Just weeks ago Wisconsin Governor Jim Doyle outlined ambitious plans for the life sciences sector totaling $750 million.

There are also new funds earmarked for life science companies. Most of Wisconsin's biotech companies have spun off from the University of Wisconsin in Madison or Milwaukee (there's a lot of competition between the two), and the state is clearly interested in leading with its strongest player in the field.

But the state offers more than just improved access to its university facilities. Wisconsin recently approved new tax credits for tech companies with an eye to fostering development of its biotech industry. There's grant money for targeting federal research funds and early-stage investments. Cash-strapped biotechs struggling to stay afloat between Phase I and Phase II can qualify for bridge grants, and low-interest loans will be available to help start-ups. The State of Wisconsin Investment Board, armed with billions in pension cash, has also committed to investing another $50 million with venture funds on top of the $135 million it's already channeled in that direction.

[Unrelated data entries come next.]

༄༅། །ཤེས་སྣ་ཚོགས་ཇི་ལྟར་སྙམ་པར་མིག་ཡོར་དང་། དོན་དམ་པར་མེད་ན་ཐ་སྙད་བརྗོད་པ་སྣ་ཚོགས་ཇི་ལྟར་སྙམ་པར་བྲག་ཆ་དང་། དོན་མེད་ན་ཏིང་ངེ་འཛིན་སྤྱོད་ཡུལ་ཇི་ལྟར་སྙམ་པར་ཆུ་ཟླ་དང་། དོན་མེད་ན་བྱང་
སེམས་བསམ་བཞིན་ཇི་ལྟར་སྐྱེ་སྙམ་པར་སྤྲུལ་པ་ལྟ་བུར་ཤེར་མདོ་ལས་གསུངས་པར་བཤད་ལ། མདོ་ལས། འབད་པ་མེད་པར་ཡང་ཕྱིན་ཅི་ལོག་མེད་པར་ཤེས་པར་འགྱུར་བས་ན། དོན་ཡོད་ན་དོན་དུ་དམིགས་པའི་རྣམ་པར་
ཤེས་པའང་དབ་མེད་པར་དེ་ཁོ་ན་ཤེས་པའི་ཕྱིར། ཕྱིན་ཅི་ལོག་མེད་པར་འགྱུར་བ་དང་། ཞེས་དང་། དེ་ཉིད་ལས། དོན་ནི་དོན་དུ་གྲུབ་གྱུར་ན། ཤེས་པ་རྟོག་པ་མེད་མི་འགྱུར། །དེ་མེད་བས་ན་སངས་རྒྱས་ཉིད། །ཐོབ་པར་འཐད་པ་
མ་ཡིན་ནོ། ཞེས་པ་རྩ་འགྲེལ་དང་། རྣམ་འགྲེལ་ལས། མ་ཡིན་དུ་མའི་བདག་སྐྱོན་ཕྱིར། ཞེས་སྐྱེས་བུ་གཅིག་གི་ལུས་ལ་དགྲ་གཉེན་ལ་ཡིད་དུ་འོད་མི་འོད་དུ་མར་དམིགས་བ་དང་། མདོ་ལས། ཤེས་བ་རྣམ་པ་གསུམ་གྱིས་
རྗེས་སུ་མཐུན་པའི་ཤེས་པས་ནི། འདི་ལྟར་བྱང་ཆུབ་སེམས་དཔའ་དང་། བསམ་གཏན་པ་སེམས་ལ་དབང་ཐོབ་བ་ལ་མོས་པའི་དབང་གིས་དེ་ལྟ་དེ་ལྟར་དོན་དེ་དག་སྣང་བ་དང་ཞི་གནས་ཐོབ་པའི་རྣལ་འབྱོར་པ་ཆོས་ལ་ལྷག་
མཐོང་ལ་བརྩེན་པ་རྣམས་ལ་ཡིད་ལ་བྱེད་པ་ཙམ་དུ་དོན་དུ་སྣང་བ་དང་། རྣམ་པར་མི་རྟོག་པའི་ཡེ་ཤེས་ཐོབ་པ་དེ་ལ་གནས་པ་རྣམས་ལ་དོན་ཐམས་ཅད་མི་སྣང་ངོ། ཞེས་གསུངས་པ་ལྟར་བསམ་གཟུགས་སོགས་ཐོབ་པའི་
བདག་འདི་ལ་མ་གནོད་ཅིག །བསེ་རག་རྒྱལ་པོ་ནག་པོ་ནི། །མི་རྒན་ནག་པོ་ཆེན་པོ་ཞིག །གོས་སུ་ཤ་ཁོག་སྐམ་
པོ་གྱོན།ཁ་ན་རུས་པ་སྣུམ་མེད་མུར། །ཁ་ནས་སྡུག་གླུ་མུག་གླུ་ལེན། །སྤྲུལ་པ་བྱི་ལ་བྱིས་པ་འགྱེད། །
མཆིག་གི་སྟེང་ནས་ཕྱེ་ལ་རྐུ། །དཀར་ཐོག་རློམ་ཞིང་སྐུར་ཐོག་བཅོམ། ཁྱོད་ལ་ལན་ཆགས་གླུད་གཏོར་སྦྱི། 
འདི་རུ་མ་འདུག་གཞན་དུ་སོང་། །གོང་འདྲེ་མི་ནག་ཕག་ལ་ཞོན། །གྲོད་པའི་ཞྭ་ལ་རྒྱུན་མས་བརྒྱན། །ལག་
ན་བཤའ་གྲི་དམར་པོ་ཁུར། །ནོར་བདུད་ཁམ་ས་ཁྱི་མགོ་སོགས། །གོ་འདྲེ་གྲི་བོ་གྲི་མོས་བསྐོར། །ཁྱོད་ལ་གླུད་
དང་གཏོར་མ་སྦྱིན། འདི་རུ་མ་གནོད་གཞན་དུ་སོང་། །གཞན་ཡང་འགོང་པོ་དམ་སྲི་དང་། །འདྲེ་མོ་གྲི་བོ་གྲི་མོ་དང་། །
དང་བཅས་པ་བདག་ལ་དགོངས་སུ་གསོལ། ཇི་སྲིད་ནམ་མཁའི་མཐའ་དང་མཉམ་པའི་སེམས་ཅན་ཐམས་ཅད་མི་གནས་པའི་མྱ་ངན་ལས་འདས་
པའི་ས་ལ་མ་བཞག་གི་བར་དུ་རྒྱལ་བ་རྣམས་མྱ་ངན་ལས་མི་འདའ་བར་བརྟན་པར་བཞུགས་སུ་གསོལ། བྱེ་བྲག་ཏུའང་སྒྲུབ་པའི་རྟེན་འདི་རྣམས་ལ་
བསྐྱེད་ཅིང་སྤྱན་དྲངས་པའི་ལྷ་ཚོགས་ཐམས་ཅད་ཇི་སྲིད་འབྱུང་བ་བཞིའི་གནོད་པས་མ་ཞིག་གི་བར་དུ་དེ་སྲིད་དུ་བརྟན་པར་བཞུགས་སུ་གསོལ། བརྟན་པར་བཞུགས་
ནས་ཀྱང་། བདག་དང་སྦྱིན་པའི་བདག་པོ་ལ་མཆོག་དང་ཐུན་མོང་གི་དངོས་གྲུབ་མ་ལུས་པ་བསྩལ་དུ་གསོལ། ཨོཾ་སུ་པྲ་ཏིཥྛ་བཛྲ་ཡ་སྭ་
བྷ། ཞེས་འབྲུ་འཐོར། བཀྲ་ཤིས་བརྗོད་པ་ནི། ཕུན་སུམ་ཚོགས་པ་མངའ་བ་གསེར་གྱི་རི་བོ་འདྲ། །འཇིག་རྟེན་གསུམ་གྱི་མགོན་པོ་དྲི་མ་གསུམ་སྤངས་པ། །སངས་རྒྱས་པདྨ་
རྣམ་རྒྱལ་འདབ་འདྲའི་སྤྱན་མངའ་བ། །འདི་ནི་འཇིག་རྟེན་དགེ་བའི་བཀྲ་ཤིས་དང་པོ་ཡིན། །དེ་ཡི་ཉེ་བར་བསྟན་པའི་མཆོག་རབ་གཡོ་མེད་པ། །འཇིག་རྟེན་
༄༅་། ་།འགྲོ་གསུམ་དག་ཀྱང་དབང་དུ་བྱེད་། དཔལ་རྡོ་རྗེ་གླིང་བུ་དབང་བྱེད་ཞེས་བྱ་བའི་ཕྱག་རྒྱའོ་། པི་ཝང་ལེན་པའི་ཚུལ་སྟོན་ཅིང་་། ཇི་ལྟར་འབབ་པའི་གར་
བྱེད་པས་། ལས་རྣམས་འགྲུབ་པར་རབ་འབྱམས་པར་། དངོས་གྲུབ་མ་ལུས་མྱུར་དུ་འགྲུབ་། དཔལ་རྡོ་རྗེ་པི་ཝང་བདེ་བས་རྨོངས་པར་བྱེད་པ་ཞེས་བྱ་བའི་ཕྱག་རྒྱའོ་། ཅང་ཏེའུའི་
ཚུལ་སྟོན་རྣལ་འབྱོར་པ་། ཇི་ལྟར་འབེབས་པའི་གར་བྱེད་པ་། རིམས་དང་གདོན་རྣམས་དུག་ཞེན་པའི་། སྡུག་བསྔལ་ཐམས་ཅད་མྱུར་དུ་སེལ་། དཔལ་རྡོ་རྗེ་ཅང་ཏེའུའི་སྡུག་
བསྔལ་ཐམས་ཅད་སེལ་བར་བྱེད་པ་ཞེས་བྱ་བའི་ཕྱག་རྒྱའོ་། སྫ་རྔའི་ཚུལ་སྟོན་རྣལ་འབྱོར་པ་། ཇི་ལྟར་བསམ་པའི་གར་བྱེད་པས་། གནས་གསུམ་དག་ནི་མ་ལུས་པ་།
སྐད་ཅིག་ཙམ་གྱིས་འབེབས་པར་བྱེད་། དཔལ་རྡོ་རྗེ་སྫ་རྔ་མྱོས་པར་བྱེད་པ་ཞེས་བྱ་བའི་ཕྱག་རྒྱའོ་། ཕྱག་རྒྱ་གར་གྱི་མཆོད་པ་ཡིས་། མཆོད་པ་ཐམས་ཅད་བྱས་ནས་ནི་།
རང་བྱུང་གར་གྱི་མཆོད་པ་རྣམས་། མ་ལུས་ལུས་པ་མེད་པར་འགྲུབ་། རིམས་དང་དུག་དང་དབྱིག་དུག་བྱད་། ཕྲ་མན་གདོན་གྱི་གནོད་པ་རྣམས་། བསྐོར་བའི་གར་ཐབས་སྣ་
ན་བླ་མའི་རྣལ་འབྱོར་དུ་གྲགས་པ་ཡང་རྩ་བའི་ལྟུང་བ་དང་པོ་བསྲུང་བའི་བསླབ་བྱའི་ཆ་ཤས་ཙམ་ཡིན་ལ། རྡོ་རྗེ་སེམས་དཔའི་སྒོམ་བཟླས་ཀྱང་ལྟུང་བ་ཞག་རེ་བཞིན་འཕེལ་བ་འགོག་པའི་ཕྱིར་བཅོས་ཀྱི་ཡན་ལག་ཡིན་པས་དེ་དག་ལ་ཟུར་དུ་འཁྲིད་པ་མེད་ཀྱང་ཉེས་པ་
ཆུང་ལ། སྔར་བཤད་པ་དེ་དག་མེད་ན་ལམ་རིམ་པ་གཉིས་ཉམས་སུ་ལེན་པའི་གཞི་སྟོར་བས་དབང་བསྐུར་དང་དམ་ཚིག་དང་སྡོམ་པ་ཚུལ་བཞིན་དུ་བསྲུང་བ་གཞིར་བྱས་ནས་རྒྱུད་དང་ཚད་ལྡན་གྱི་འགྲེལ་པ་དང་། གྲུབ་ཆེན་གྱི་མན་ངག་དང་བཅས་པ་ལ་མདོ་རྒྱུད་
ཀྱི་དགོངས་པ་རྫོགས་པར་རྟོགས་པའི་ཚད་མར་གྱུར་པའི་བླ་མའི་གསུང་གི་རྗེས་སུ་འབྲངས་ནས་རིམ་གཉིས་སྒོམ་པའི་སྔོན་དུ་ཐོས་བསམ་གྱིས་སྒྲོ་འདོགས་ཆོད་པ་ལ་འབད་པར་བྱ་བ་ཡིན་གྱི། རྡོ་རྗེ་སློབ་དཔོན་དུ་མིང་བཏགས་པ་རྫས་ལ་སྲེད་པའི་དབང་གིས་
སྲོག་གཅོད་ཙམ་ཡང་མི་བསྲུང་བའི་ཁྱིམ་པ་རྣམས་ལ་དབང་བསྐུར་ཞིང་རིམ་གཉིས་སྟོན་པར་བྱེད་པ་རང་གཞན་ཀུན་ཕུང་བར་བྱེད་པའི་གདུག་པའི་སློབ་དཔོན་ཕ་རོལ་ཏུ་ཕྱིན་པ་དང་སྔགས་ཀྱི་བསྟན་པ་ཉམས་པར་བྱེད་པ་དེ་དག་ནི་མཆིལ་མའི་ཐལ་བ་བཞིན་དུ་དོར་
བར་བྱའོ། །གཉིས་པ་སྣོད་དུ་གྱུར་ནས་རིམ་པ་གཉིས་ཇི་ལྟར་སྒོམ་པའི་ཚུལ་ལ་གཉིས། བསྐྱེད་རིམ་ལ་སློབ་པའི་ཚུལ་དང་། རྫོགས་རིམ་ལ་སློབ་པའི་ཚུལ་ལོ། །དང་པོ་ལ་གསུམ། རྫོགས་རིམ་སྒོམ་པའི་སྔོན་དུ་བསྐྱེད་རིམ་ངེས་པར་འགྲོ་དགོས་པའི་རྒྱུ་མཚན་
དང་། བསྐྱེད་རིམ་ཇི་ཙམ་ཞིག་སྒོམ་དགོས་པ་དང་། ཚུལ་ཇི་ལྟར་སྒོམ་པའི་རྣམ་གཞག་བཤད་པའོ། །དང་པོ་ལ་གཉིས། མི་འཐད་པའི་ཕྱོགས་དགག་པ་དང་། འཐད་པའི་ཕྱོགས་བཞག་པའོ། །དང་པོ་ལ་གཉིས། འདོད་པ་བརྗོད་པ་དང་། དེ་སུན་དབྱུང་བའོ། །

Within an hour of hearing about FierceBiotech's interest, Wisconsin Secretary of Commerce Mary Burke was on the line to underscore the state's commitment. She was quick to mention the NIH's National Stem Cell Bank--awarded to the WiCell Research Institute in Wisconsin last October--and UW-Madison's international rep in research. Some venture fund groups have even been suggesting their young biotech companies in California should move to Wisconsin, asserts Secretary Burke.

Even the weather this winter, which has been balmy by the state's frigid standards, has been helping her make her case. "People were out golfing last weekend," she says.